这段记载出现在《我做了七年蒋介石夫人  陈洁如回忆录》中。假如故事属实,它恐怕堪称世界历史上最强大的flag之一。

大到国家,小到自己,很少有谁能完全逃脱flag的陷阱。

有些预言会自我实现,flag一旦立下,就不得不成为现实。意大利有个与达芬奇齐名的学者,叫吉罗拉莫·卡尔达诺,既是当时的物理学家、数学家,又是占星术士,对于虚数的诞生和概率论有着卓越贡献。

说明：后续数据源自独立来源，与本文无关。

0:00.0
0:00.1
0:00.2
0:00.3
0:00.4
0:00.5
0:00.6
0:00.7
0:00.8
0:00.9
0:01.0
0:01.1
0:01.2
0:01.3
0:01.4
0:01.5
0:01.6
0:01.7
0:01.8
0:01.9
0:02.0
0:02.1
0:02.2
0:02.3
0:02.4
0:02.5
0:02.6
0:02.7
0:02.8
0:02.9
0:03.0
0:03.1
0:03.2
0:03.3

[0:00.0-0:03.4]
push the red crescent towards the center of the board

他早就推算出自己将死于1576年9月21日。由于他是教皇的朋友,教皇给他准备好了墓地。不过,到了75岁的这天早上,他仍旧精神矍铄,丝毫看不出有要死掉的意思。

于是……他真的死在那天,一说是死于过劳诱发的心脏病,一说是服毒自杀,为了维护自己作为占星师的尊严。

最近的案例还包括下面这位教授,在2017年英国大选之际,他说:「如果工党获得了超过38%的选票,我就吃掉自己的新书《脱欧》。」

英国下议院共有650个席位,38%就是247个席位。结果工党获得了262个席位。

据说纸还挺硬的。

同时,有些flag不管说不说出来都根本实现不了。比如说「一年准备,两年反攻,三年扫荡,五年成功」,比如「我们三年基本超过英国,十年超过美国,有充分把握」。

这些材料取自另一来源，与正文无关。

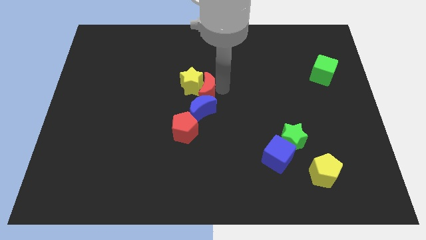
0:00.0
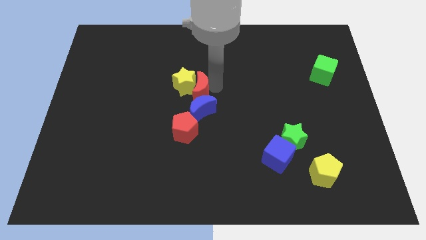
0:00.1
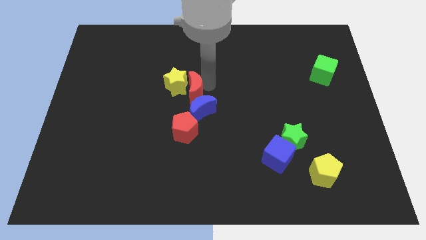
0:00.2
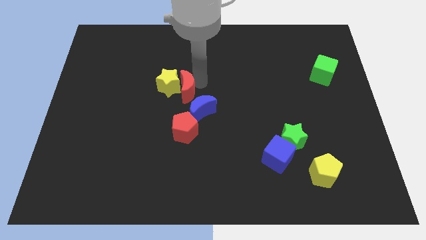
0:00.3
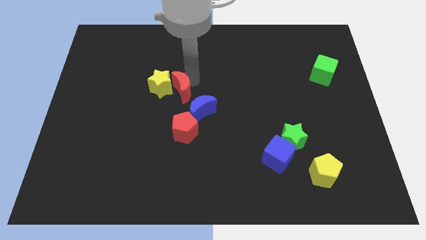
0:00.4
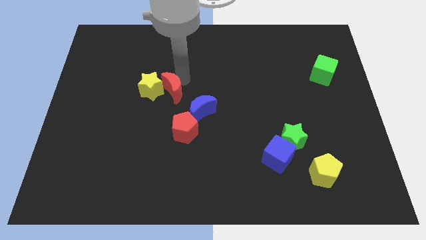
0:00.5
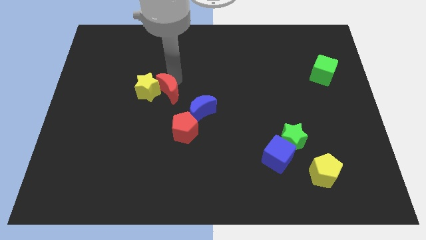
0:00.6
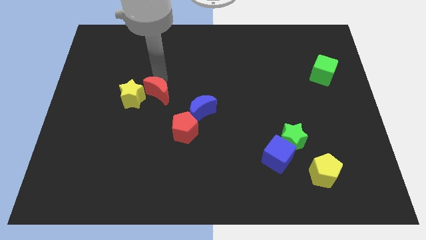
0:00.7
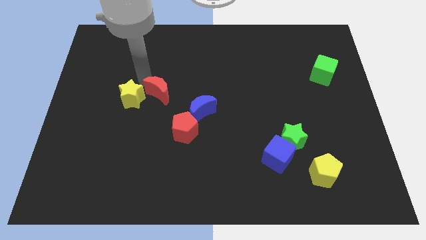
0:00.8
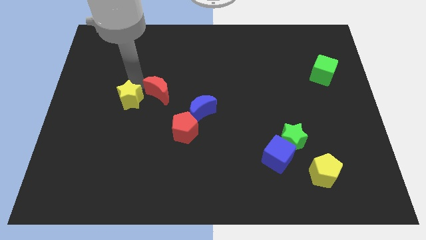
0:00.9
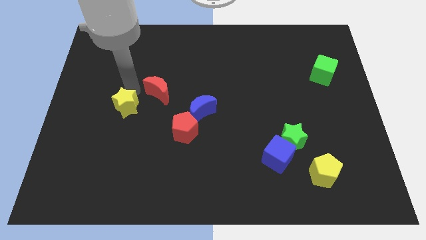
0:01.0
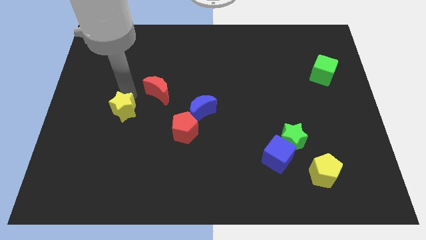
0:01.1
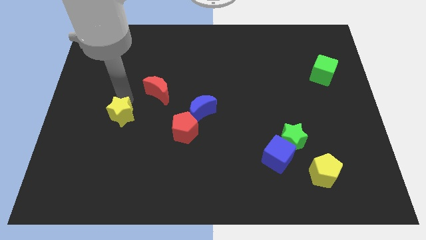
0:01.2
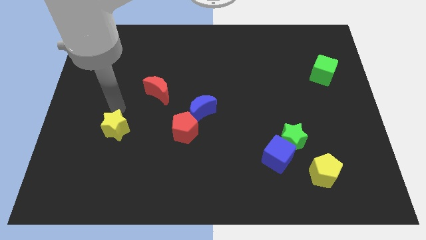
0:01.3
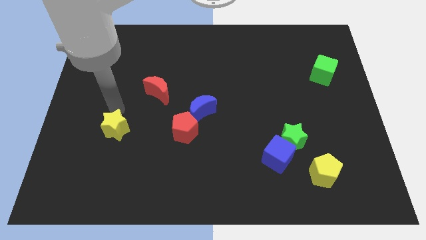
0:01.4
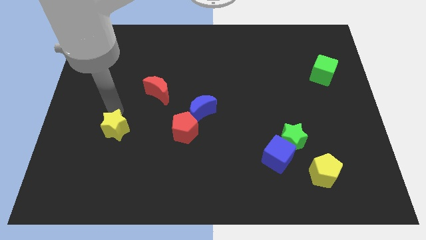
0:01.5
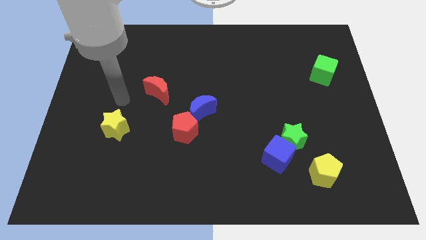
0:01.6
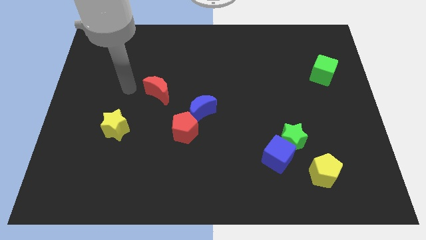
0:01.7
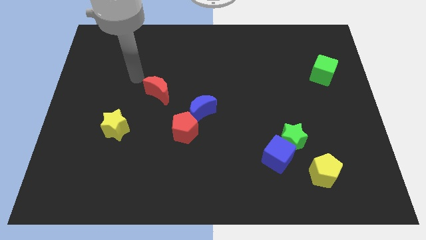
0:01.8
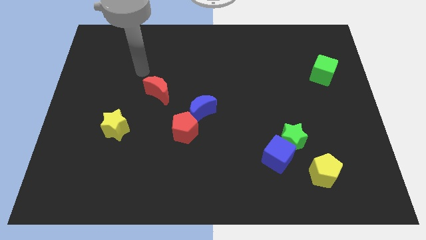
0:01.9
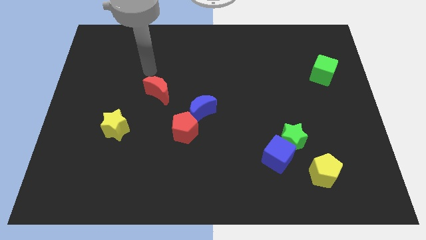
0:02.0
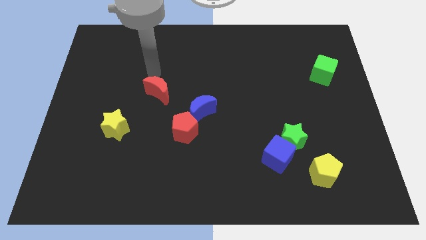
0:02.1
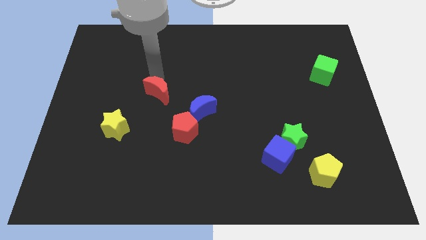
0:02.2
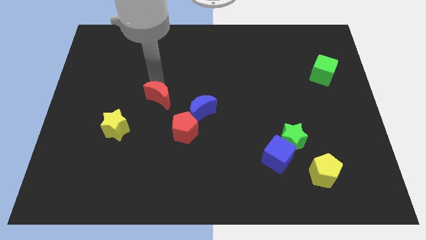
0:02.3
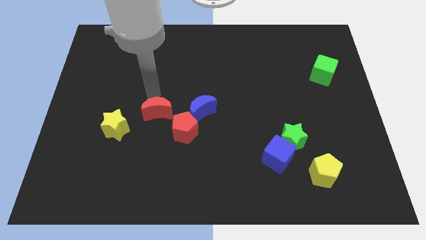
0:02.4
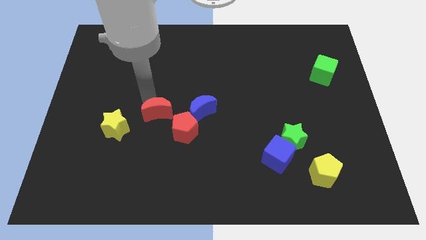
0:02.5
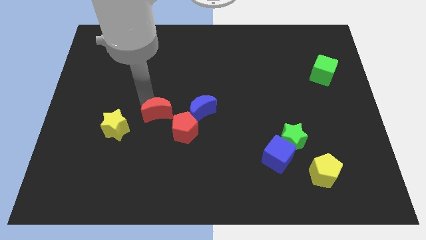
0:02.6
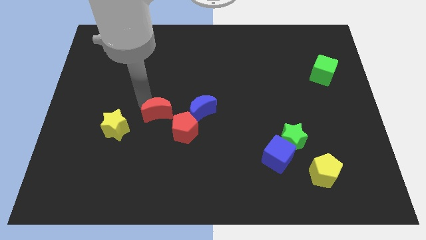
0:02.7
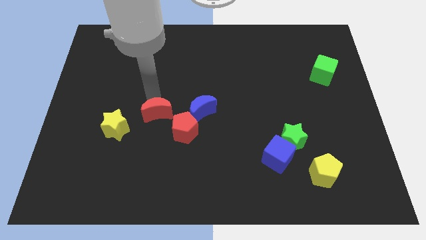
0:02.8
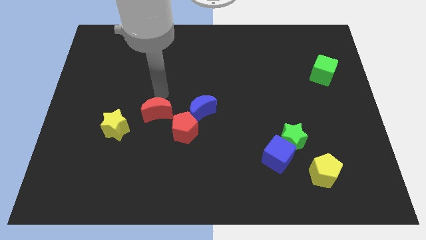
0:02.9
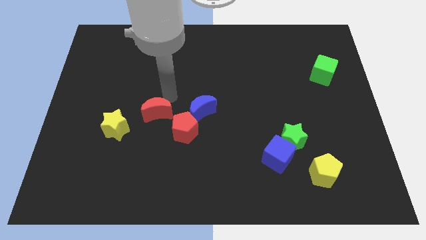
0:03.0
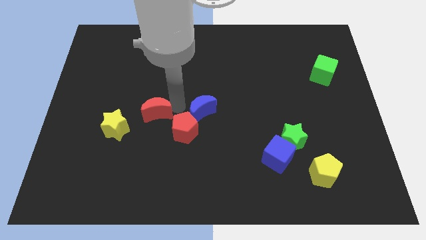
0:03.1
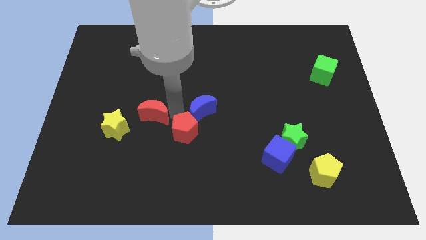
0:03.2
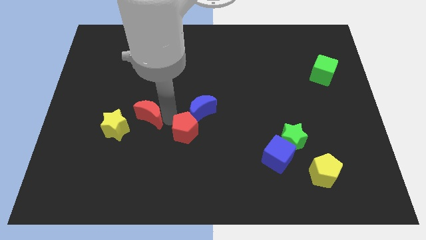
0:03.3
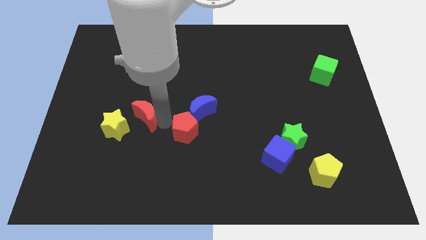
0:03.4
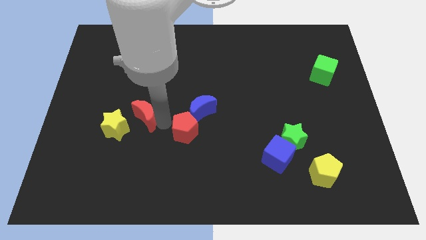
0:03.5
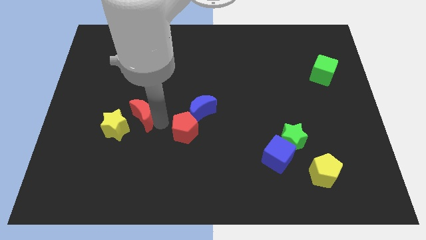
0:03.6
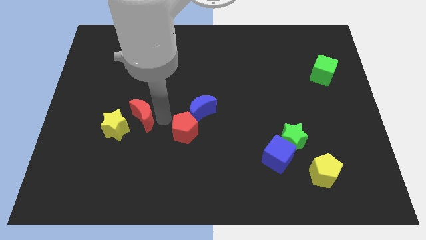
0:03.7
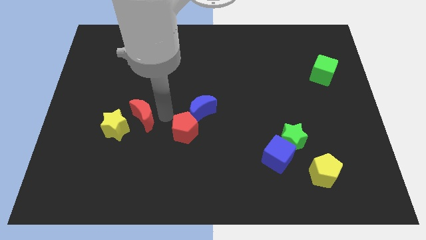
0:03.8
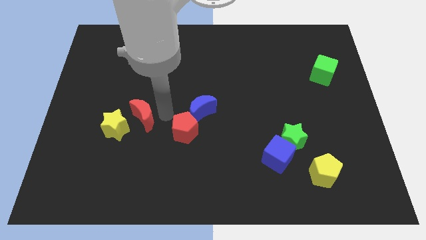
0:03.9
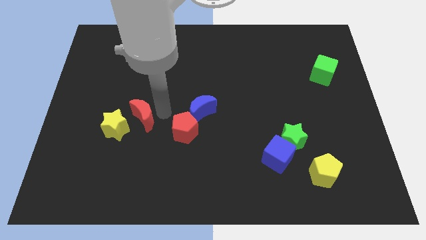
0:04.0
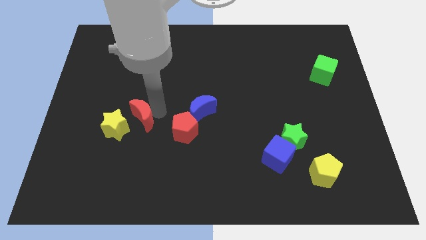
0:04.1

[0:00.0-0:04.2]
move the red moon diagonal to the yellow star

排除掉纯粹的偶然因素,能成为flag的预言往往首先包含离谱的判断,或者包含夸大其词的宣扬。这样,当这些flag兑现的时候,吃瓜群众才会觉得分外爽快。

不过,给出离谱的判断本身就是人类的本能

两个著名学者在1979年提出了「规划谬误」(Planning Fallacy),其中一个就是诺贝尔奖获得者、《思考,快与慢》的作者卡尼曼。另一个,特沃斯基,由于去世得早,遗憾错失诺奖。

他们发现,人类就是学不会在判断中吃一堑长一智。人们总是高估自己的能力,低估困难。

一项任务,即便找熟手来做,他也倾向于低估自己的耗时,就连作家、科学家也是如此。并且,所有人的「规划谬误」导致的错误率都稳定在二成到五成。

不光个人会这样,组织也会这样。群体规划谬误比个体的更可怕。从政府到商业企业到社会组织,超支和拖延现象普遍存在。

比如说,在任何城市,连续修路三十年都很不可思议。但真有一个城市做到了,它就是波士顿。

· 2016年,终于完工的波士顿大隧道

波士顿著名的「大挖工程」(the Big Dig)由麻省的一位交通官员萨卢奇在1982年提出。这个项目的前期游说筹款差不多花了十年,1991年正式动工,预计1995年完工。

到了1995年,整个工程才修了一半都不到,主要是因为萨卢奇要求施工不能影响现有的交通秩序。继续修到2001年,为了不影响波士顿在一战之前就建好了的地铁系统,由于一次事故,整个工地泡进了海水。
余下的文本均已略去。